• _Exercise input_
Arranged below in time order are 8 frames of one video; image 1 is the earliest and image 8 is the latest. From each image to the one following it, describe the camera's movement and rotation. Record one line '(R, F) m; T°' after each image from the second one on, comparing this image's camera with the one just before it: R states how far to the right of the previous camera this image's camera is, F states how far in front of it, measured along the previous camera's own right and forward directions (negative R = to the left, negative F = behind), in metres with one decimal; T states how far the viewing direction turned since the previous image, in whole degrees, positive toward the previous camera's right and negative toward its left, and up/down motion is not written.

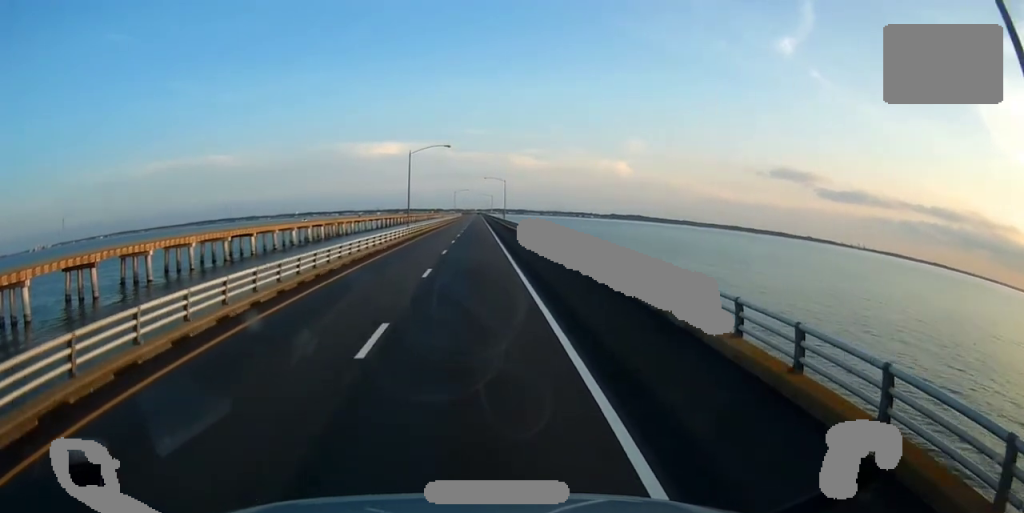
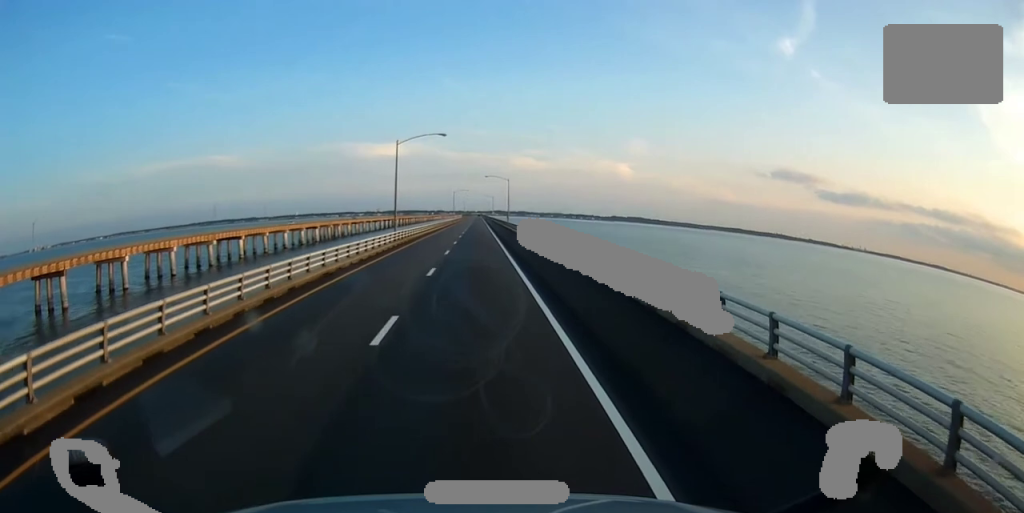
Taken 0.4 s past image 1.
(-0.1, +11.3) m; 0°
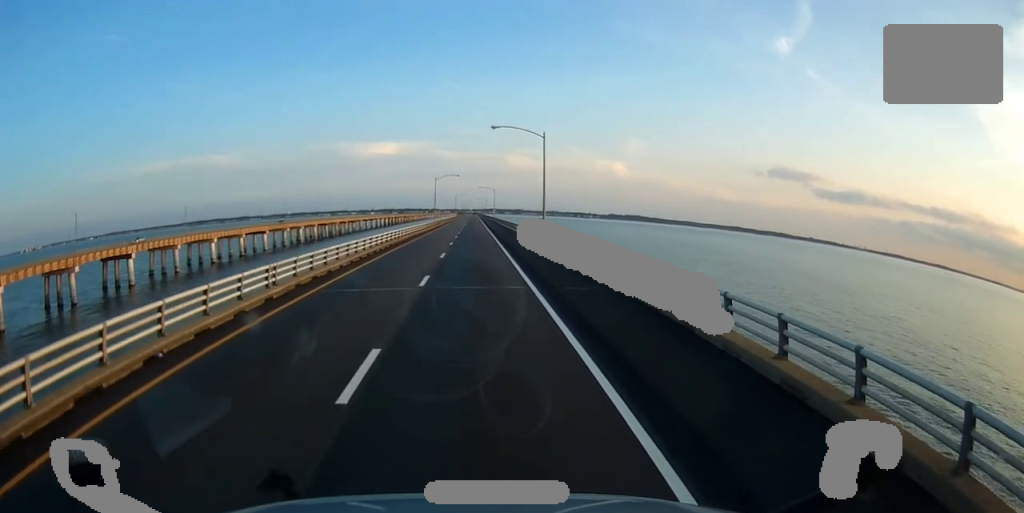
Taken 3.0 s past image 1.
(-0.2, +64.6) m; +1°
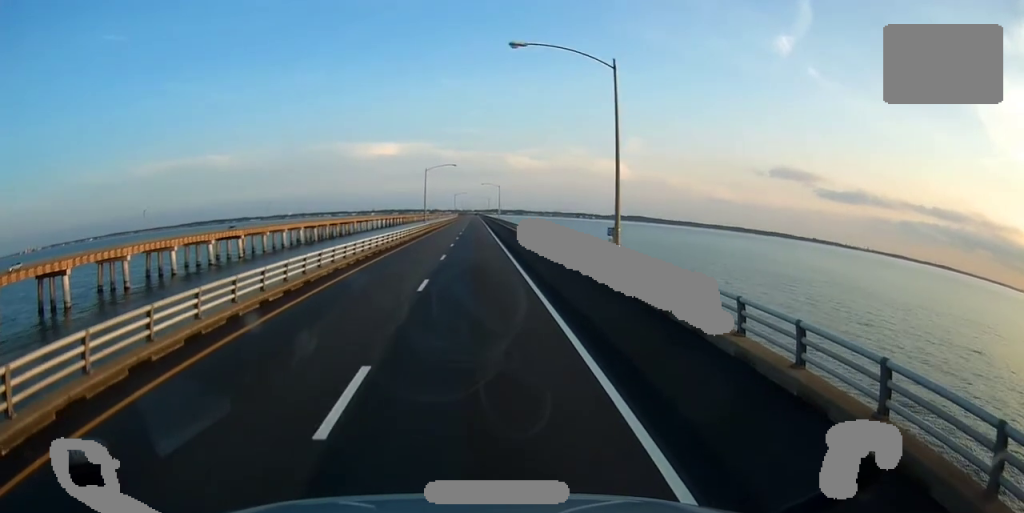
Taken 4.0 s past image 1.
(0.0, +25.5) m; 0°
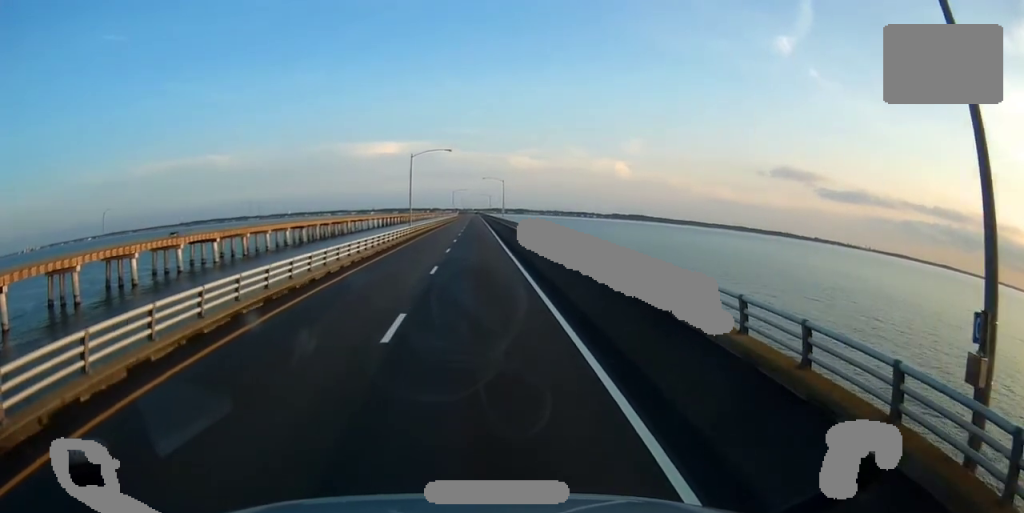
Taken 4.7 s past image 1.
(0.0, +19.4) m; +1°
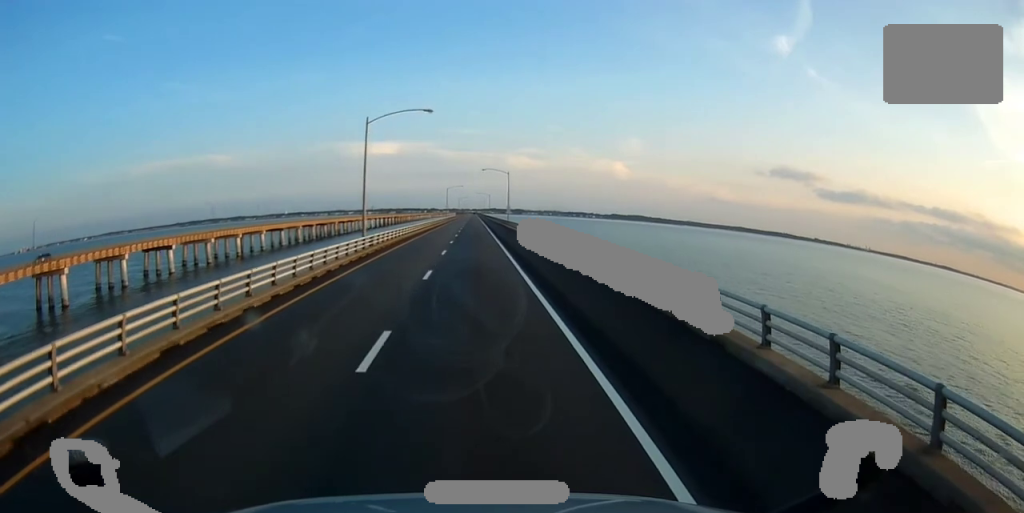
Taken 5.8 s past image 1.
(+0.3, +26.6) m; 0°
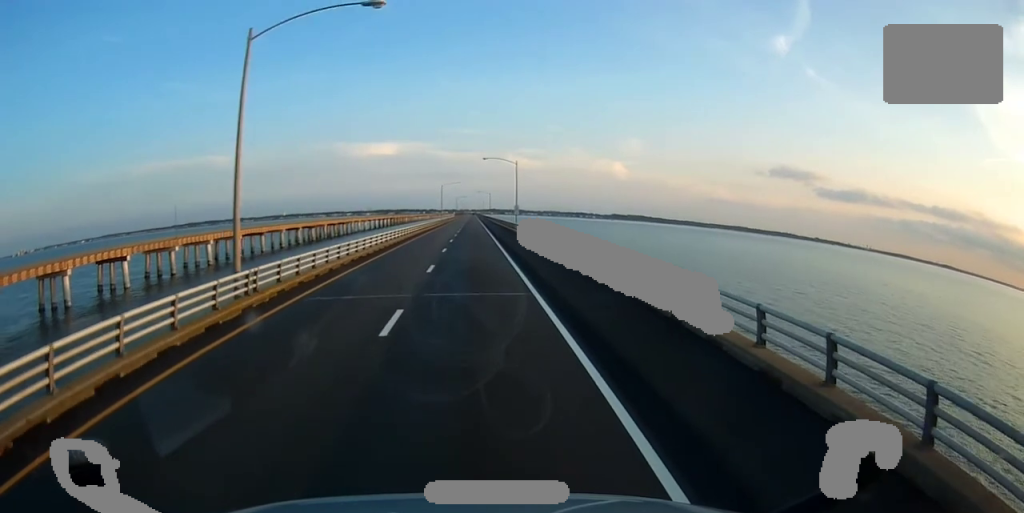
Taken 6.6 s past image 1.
(-0.4, +21.5) m; -1°
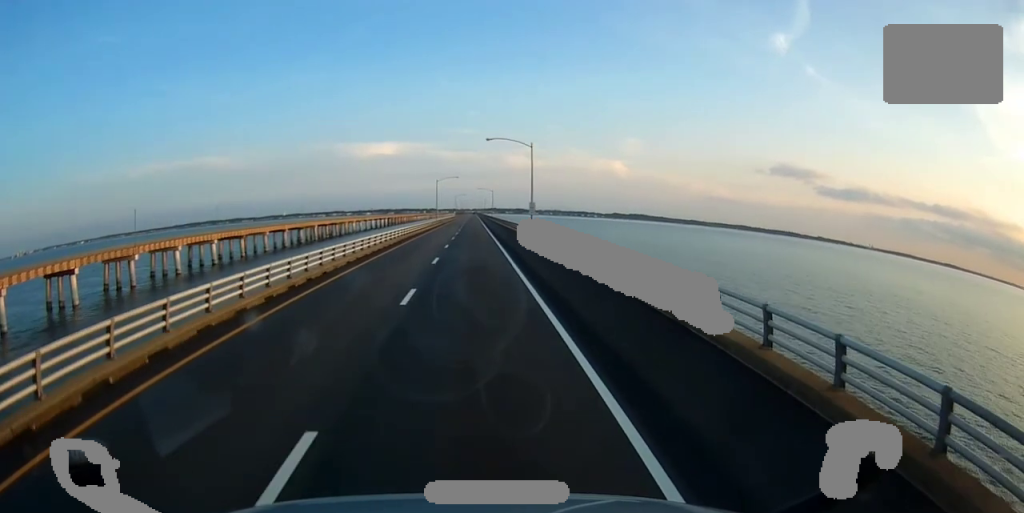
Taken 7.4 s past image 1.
(-0.2, +20.5) m; 0°

• _The task_
Only the text of the records belongs in the answer; reproduce it verbatim, with no pictures.

• _Exercise solution_
Arranged below in time order are 8 frames of one video; image 1 is the earliest and image 8 is the latest. From each image to the one following it, describe the camera's movement and rotation. Record one line '(R, F) m; T°' after each image from the second one on, comparing this image's camera with the one just before it: R states how far to the right of the previous camera this image's camera is, F states how far in front of it, measured along the previous camera's own right and forward directions (negative R = to the left, negative F = behind), in metres with one decimal; T states how far the viewing direction turned since the previous image, in whole degrees, positive toward the previous camera's right and negative toward its left, and up/down motion is not written.

Taken 0.4 s past image 1.
(-0.1, +11.3) m; 0°
Taken 3.0 s past image 1.
(-0.2, +64.6) m; +1°
Taken 4.0 s past image 1.
(0.0, +25.5) m; 0°
Taken 4.7 s past image 1.
(0.0, +19.4) m; +1°
Taken 5.8 s past image 1.
(+0.3, +26.6) m; 0°
Taken 6.6 s past image 1.
(-0.4, +21.5) m; -1°
Taken 7.4 s past image 1.
(-0.2, +20.5) m; 0°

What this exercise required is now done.